▶ **The data**

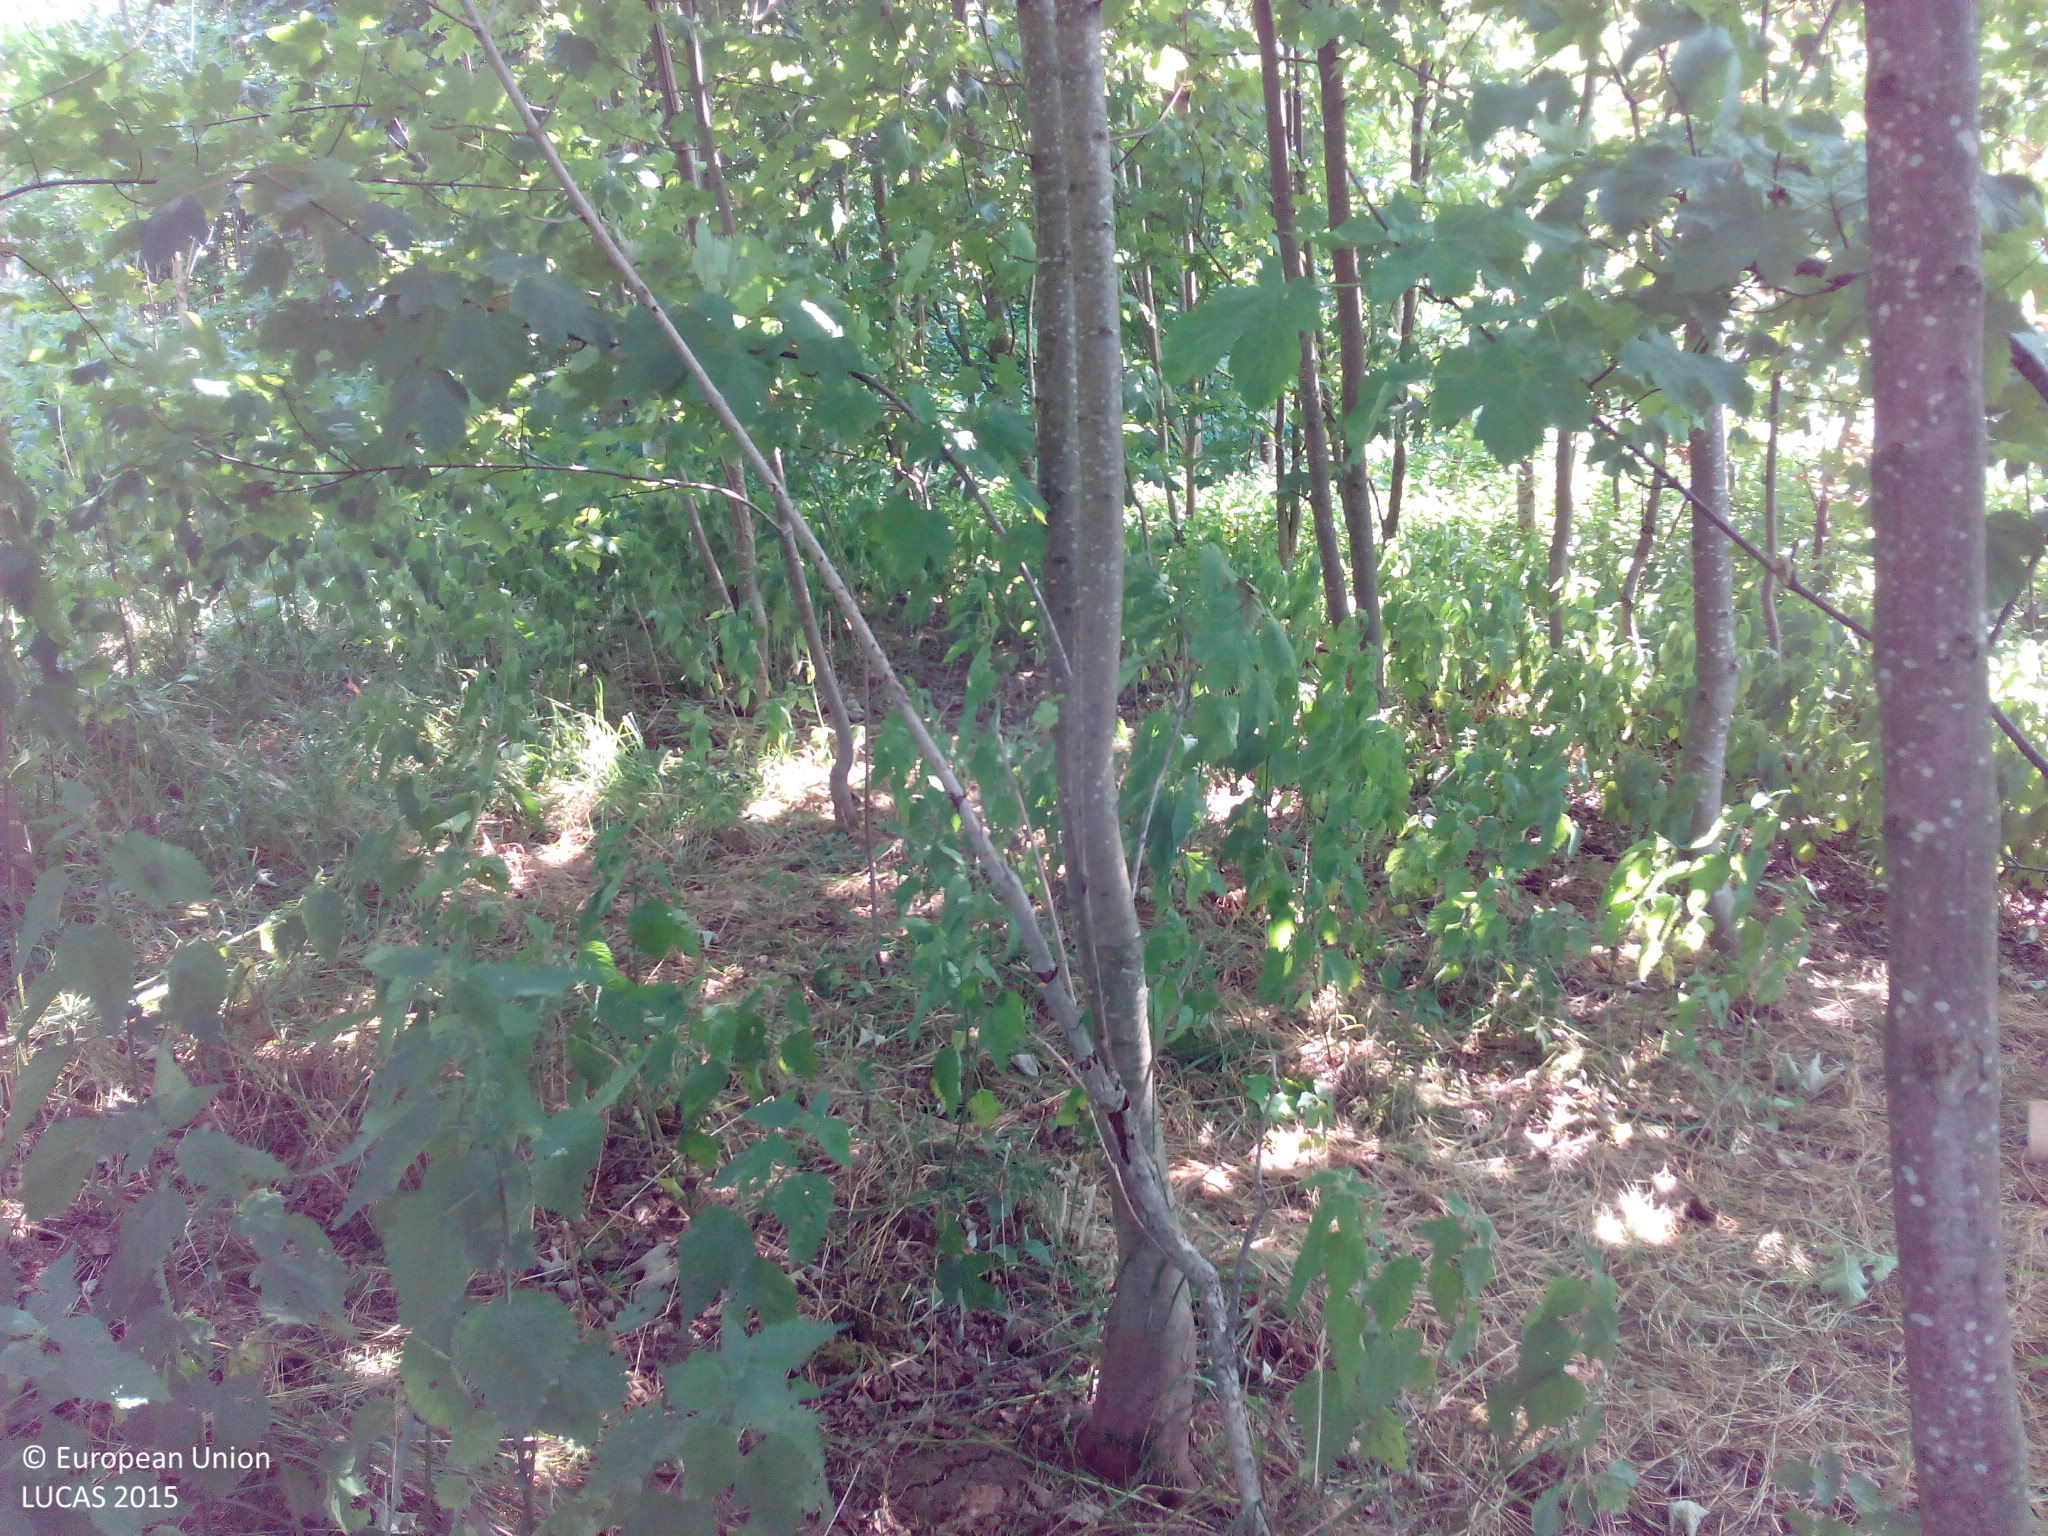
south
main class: Woodland
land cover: Broadleaved woodland
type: mesophytic deciduous forest
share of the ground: 50 - 75 %
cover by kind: broadleaved forest trees 75 %, herbaceous plants 25 %
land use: Forestry
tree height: < 5 m
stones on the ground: < 10 %
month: July
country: DE
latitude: 48.5290
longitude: 9.6887

▶ **Work instruction**
The output must consist solely of the lines from the one containing "main class: Woodland" through the end of the listing, unaltered.

▶ **Response to the task**
main class: Woodland
land cover: Broadleaved woodland
type: mesophytic deciduous forest
share of the ground: 50 - 75 %
cover by kind: broadleaved forest trees 75 %, herbaceous plants 25 %
land use: Forestry
tree height: < 5 m
stones on the ground: < 10 %
month: July
country: DE
latitude: 48.5290
longitude: 9.6887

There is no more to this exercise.